NYCHA residents are fighting back, not only against eviction, but also to win resident management of NYCHA buildings, and to get public funding for needed repairs and conversions to green energy. They oppose privatization schemes like RAD and the so-called “Blueprint for Change.” (RAD is a national program to put public housing under private management; the Blueprint is a plan to put all NYCHA residents on Section 8 vouchers instead of Section 9 leases.) Both schemes would devastate public housing residents’ access to legal protections in exchange for shoddy cosmetic repairs. This has already happened in properties that have been converted to RAD. Some residents accept RAD because they desperately need real repairs to plumbing, heating, crumbling and moldy walls, broken elevators, etc. The NYCHA workers’ union sees privatization as a union-busting effort, introducing outsourced labor.
NYCHA tenants in many groups are organizing against privatization by signing petitions, staging rallies, filing a class action lawsuit, and threatening a rent strike in September. They want a fully-funded and fully-public NYCHA; and jobs for public housing residents to do the repairs and conversion; and a repeal of the Faircloth Amendment that blocks any increase in public housing.

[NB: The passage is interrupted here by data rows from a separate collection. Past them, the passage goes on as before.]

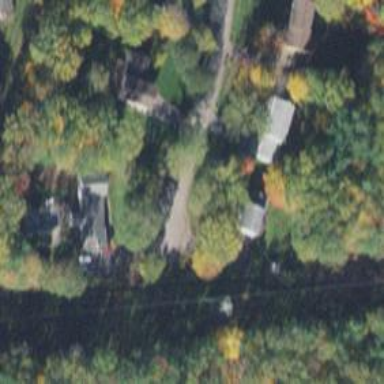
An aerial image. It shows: Residential path.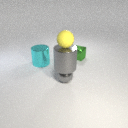
large gray metal cylinder below small yellow rubber sphere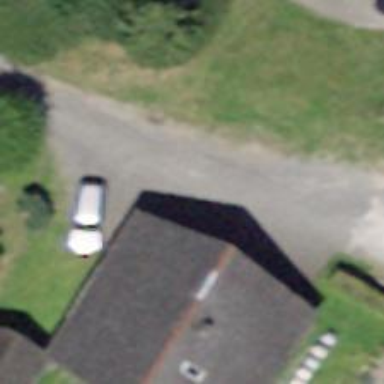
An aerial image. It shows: Residential service.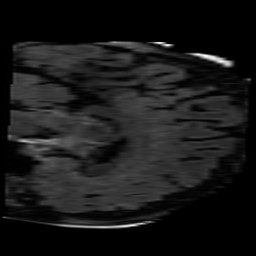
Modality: FLAIR
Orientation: sagittal
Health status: ill
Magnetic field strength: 3 T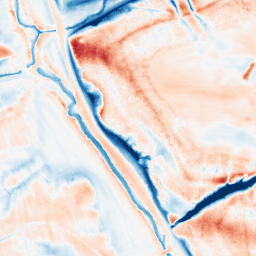
Category: classical
Decomposition family: gaussian_anisotropic
Decomposition parameters: sigma_x: 5
sigma_y: 10
Upsampling method: lanczos
Upsampling parameters: scale: 4
Upsampling scale: 4
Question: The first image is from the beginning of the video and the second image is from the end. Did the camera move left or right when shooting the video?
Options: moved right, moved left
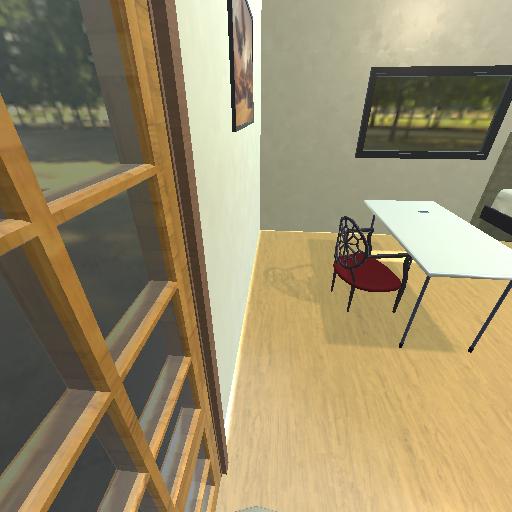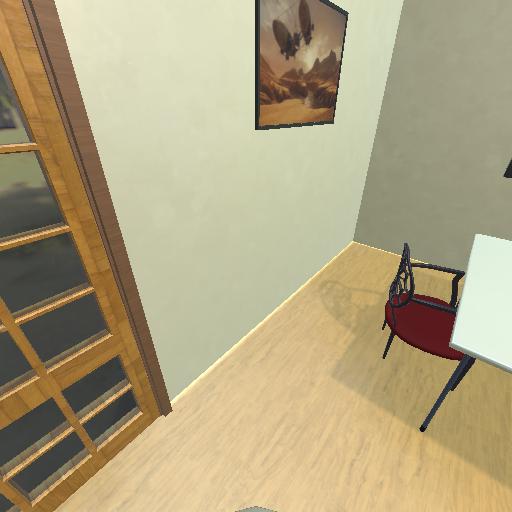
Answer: moved right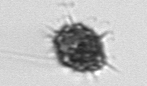
Label: Dictyocha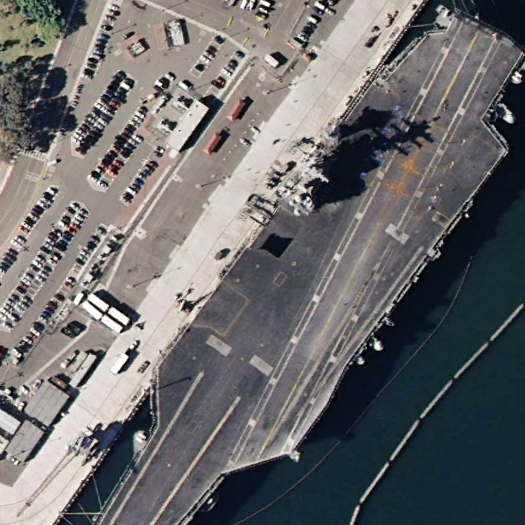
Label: aircraft_carrier
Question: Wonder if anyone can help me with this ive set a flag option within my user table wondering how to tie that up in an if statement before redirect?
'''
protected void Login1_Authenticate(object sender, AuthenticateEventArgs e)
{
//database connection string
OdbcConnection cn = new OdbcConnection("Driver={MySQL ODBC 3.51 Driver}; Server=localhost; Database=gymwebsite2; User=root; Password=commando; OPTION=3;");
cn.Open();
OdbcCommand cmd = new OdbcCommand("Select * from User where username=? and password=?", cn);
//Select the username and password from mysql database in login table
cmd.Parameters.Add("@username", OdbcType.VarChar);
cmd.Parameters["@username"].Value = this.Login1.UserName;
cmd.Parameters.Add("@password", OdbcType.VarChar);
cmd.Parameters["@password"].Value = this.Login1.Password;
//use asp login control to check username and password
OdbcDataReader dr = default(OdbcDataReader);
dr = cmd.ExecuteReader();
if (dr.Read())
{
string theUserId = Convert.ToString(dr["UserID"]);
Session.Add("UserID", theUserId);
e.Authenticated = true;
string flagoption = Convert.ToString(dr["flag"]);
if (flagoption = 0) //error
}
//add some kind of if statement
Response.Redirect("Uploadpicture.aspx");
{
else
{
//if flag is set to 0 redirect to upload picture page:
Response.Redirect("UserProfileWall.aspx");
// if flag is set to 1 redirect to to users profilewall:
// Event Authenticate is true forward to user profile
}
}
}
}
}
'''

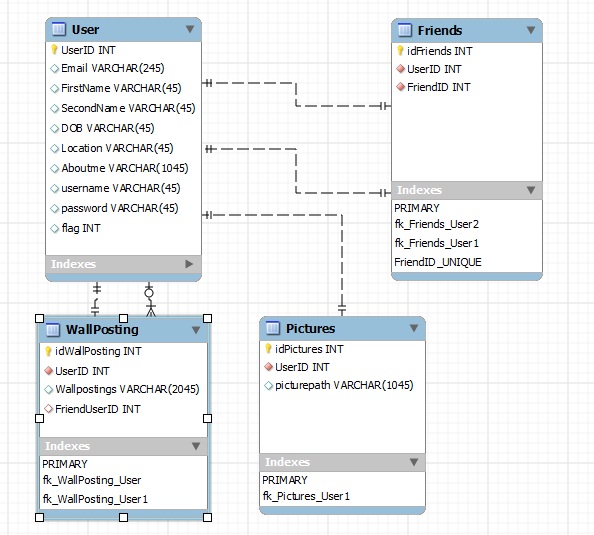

A resolution before the NYC DSA Convention (September 25) proposes a cohesive coalition of all tenant groups in the city around the slogan “Housing is a Human Right.” It’s part of a national movement whose moment has arrived. As Cori Bush said, “Our government has allowed this crisis to continue and worsen for too long… It is our duty to make people’s lives better. Ending this crisis requires a comprehensive approach. We all have a role to play.”